8. A pause is compassion. On the worst day I was afraid of dying and yet I couldn’t cry. Years of being strong built a dam that was only penetrated by kindness and compassion. Tears provide relief, but only if you can shed them. Compassion looks like stopping whatever you are doing and focusing on a someone having a rough moment and just waiting for them and offering reassurance. At one point two nurses were stuffing a tube up my nose and down my throat and I was gagging and bleeding and begging them to stop. They were trying to help me, I understood that, but I just needed a minute to settle down. A pause is compassion.
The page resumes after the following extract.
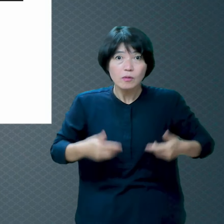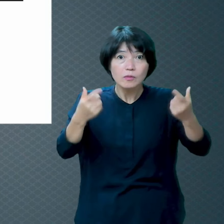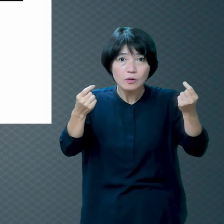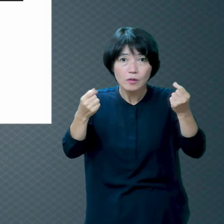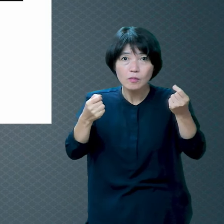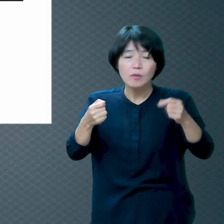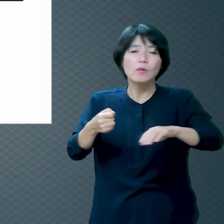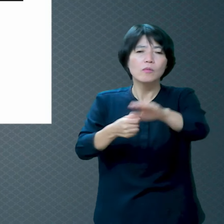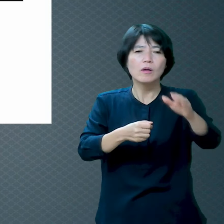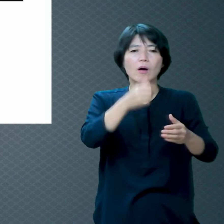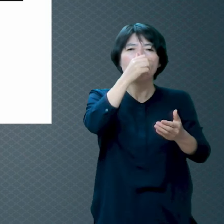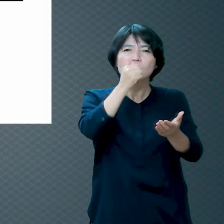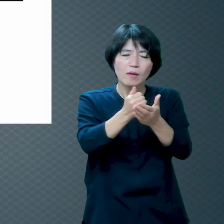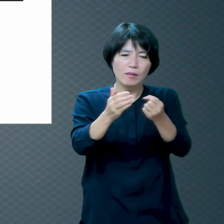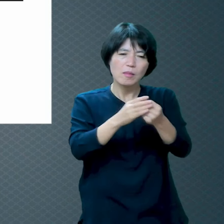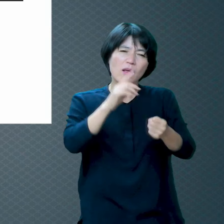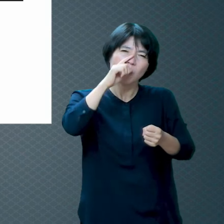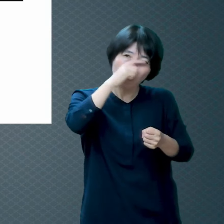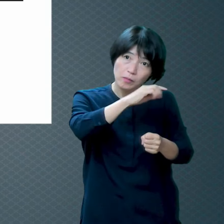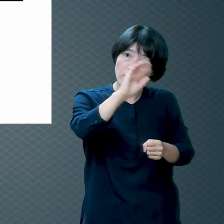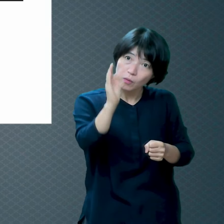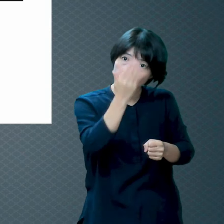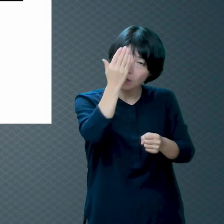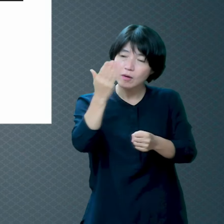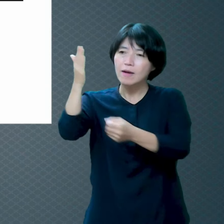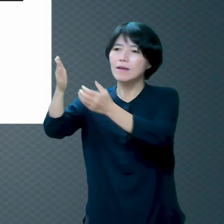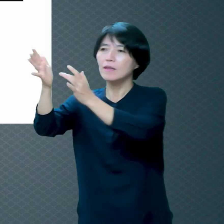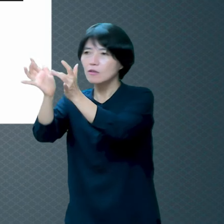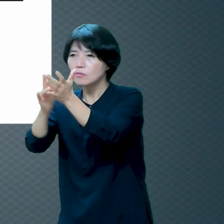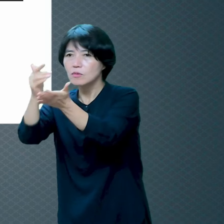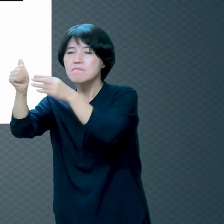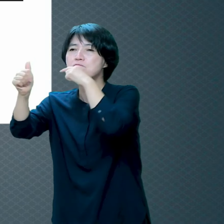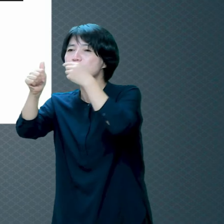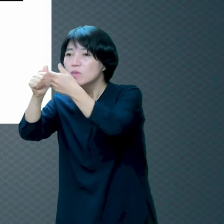깨끗하게 씻겨서 바르게 살면 좋잖아요

A touch on the shoulder is compassion. A thoughtful decision when you can’t make one is not pressuring it is patience. Allowing a moment, transferring your confidence to a vulnerable patient is not a moment wasted. For me, I’ve noticed the pause is powerful, a reassuring touch, a hug, a shoulder squeeze are what I needed to relieve my worry, ease my fears and muster just a little more courage.
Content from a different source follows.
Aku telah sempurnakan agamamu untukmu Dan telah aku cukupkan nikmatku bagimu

9. Healing takes time. This is a hard one. We can influence a timeframe but, in the end, things take as long as they take. Bones take about 6-8 weeks, muscles can take 3-12 weeks, tissues have timeframes and must go through the actual phases of repair. By understanding and having realistic expectations I hope to influence my healing by doing what I know to reduce inflammation, increase strength and stamina and give my body the best chance at repair. My mind struggles with denial and acceptance to understand what I can’t see on the inside. It’s easier when you can actually see a bruise fading away or an x-ray with a healed fracture or a scar forming over a cut. It’s harder to not see. If MRI or CT is the only way to know, they have limitations in cost and quality, we are left with trusting what we cannot see. We must trust time to heal. We all have a different relationship with time and whether there is or isn’t enough of it. If I want healing, I must respect its agenda, not mine. A hard but necessary pill to swallow. I am reminded not only for myself but my patients who ask me for a quick fix or question their own longstanding problems. Again, this is the long game.
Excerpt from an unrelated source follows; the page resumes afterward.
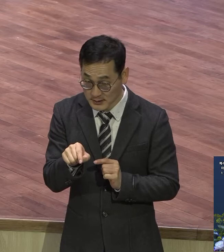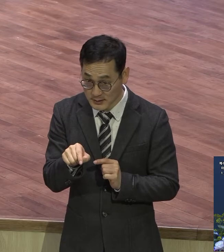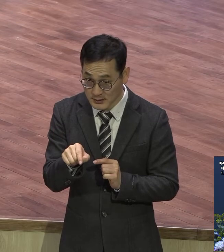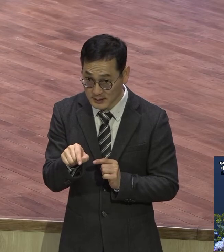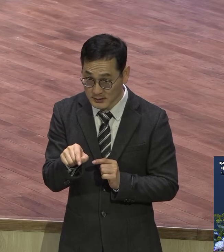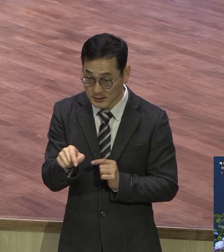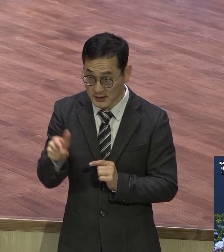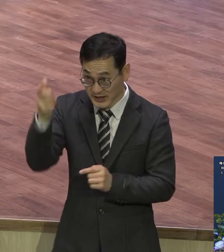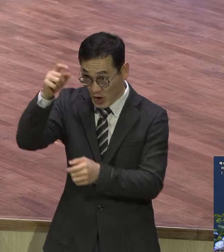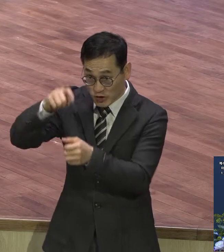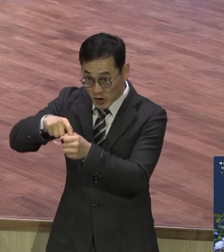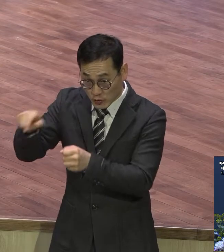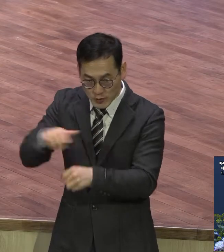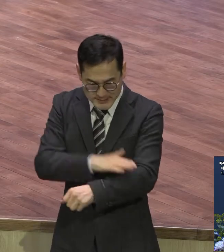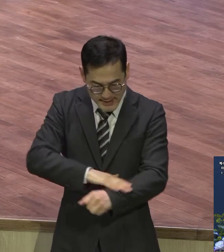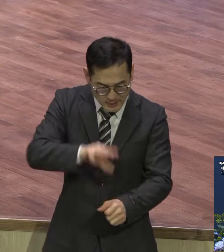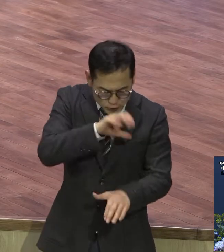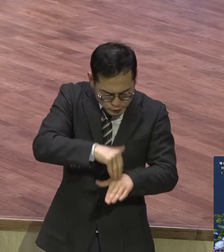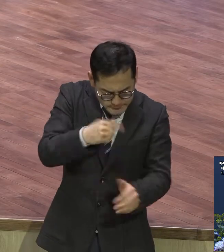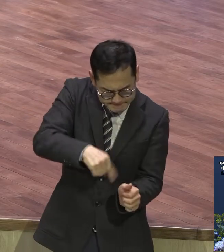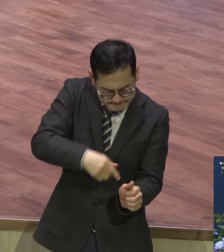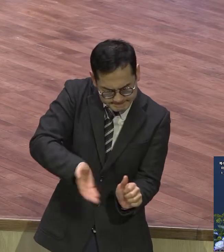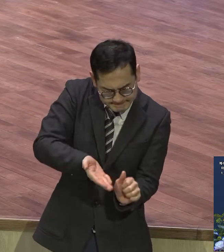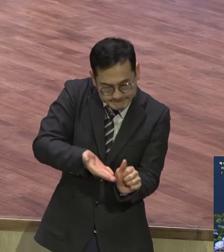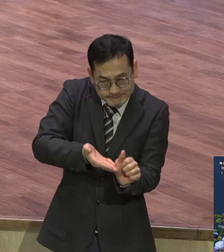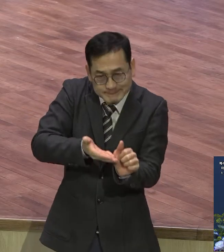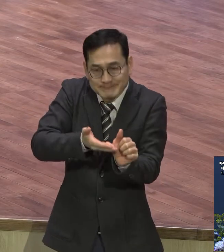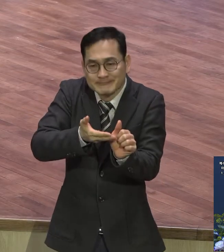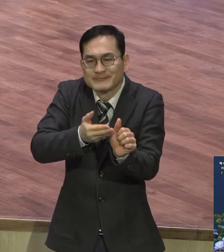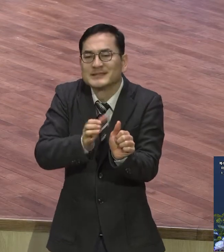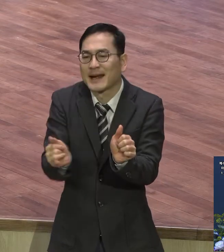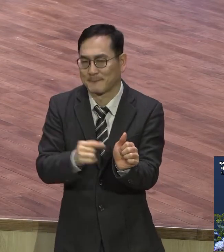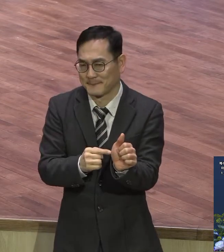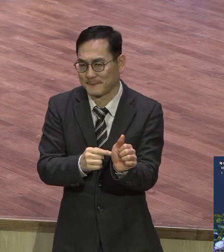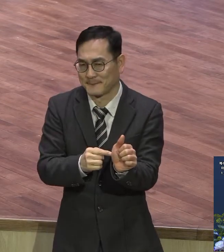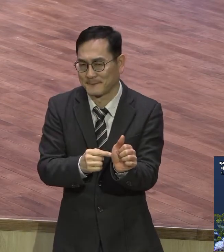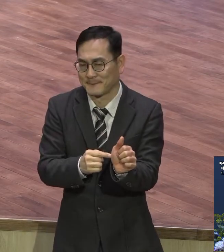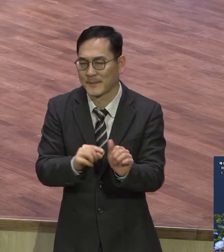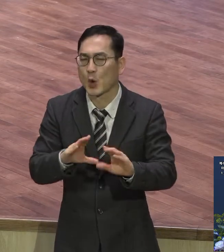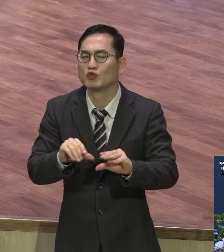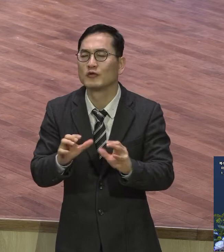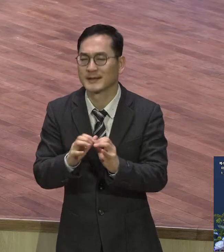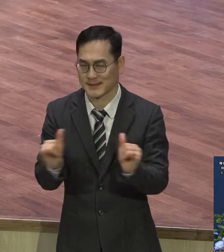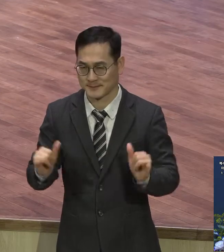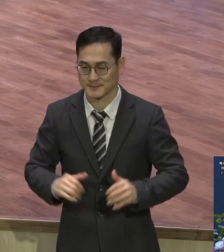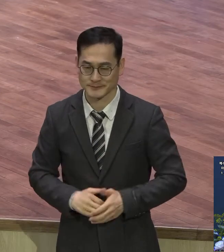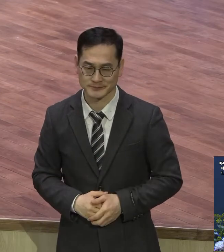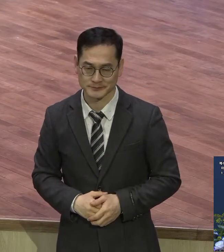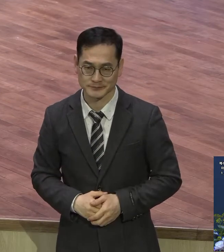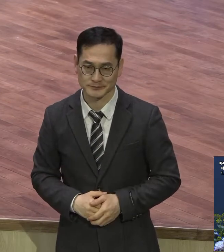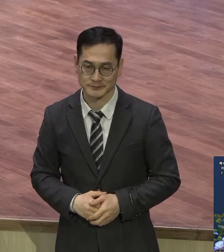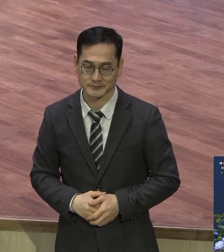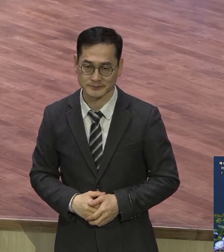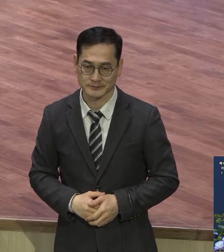적용이 되었어요. 예수님이 말씀하신 온유한 자는 우리 인생의 주인 되신 하나님 앞에

10. Acceptance and Gratitude. Our bodies have problems and many of them are silent or in process. Despite healthy lifestyles or practices we are who we are and are dealt our own set of cards physically and in life. Learning to work with what we have going on rather than pushing through is a life skill. Healing offers layers of growth opportunities and although not necessarily fun, we can learn a lot about ourselves and others in the process rather than resist or hate it. Gratitude flows, whereas, resistance stagnates.
I hope these tips help you along your own healing journey or feel free to share with someone you know who could use encouragement or perspective.
I’m determined to make this pause in practice a time for healing and recovery and for it to lend itself to my patient’s health journeys.